Gambar 2.6 Korosi Erosi (Erosion Corrosion)
15
f. Korosi Sumuran (Pitting Corrosion)[3]
Korosi sumuran adalah suatu bentuk korosi setempat yang sangat ekstrim yang
menghasilkan lubang kecil pada logam. Korosi sumuran ini sangatlah berbahaya,
sedikit material logam yang hilang dengan pengaruh yang hampir tak terlihat dari
permukaan namun merusak bagian dalam material tersebut. Permukaan korosi
sumuran ini umumnya ditutupi oleh produk korosi sehingga hampir tidak nampak.
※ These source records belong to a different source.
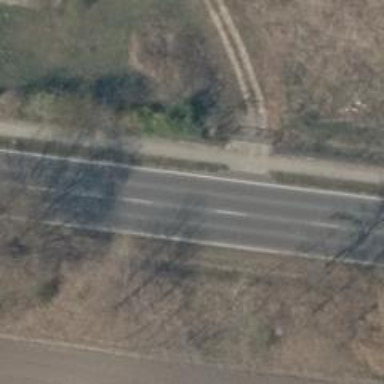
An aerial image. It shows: Primary road with asphalt surface.
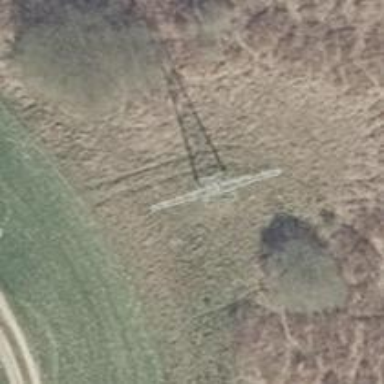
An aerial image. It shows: Power tower.
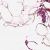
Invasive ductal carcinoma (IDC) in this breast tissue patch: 0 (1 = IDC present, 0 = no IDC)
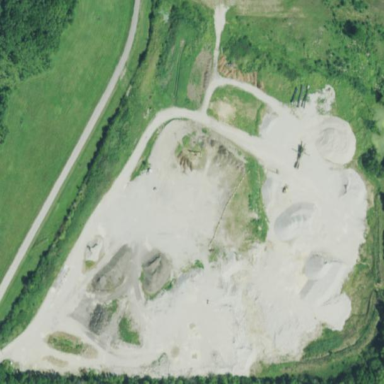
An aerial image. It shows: Quarry area.
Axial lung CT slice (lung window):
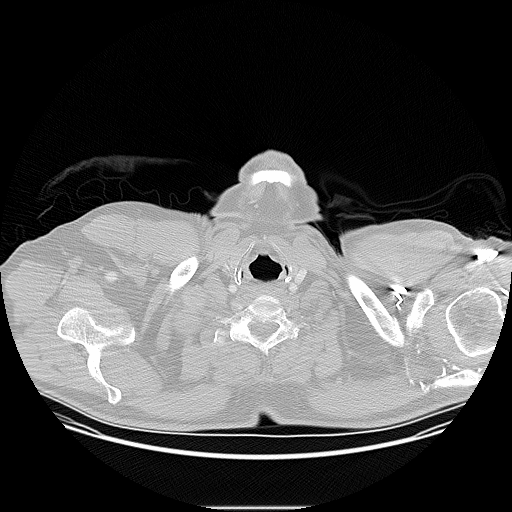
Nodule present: no

Korosi sumuran dapat diinisiasi oleh cacat kecil pada permukaan, yang mungkin
diakibatkan oleh goresan atau perubahan komposisi lokal, atau kerusakan akibat
coating. Permukaan material yang dipoles lebih tahan terhadap korosi sumuran.
Paduan yang rentan terhadap korosi sumuran ini adalah paduan-paduan yang
memiliki ketahanan korosi dengan membentuk selaput pasif protektif, seperti
stainless steel, paduan nikel, dan paduan alumunium.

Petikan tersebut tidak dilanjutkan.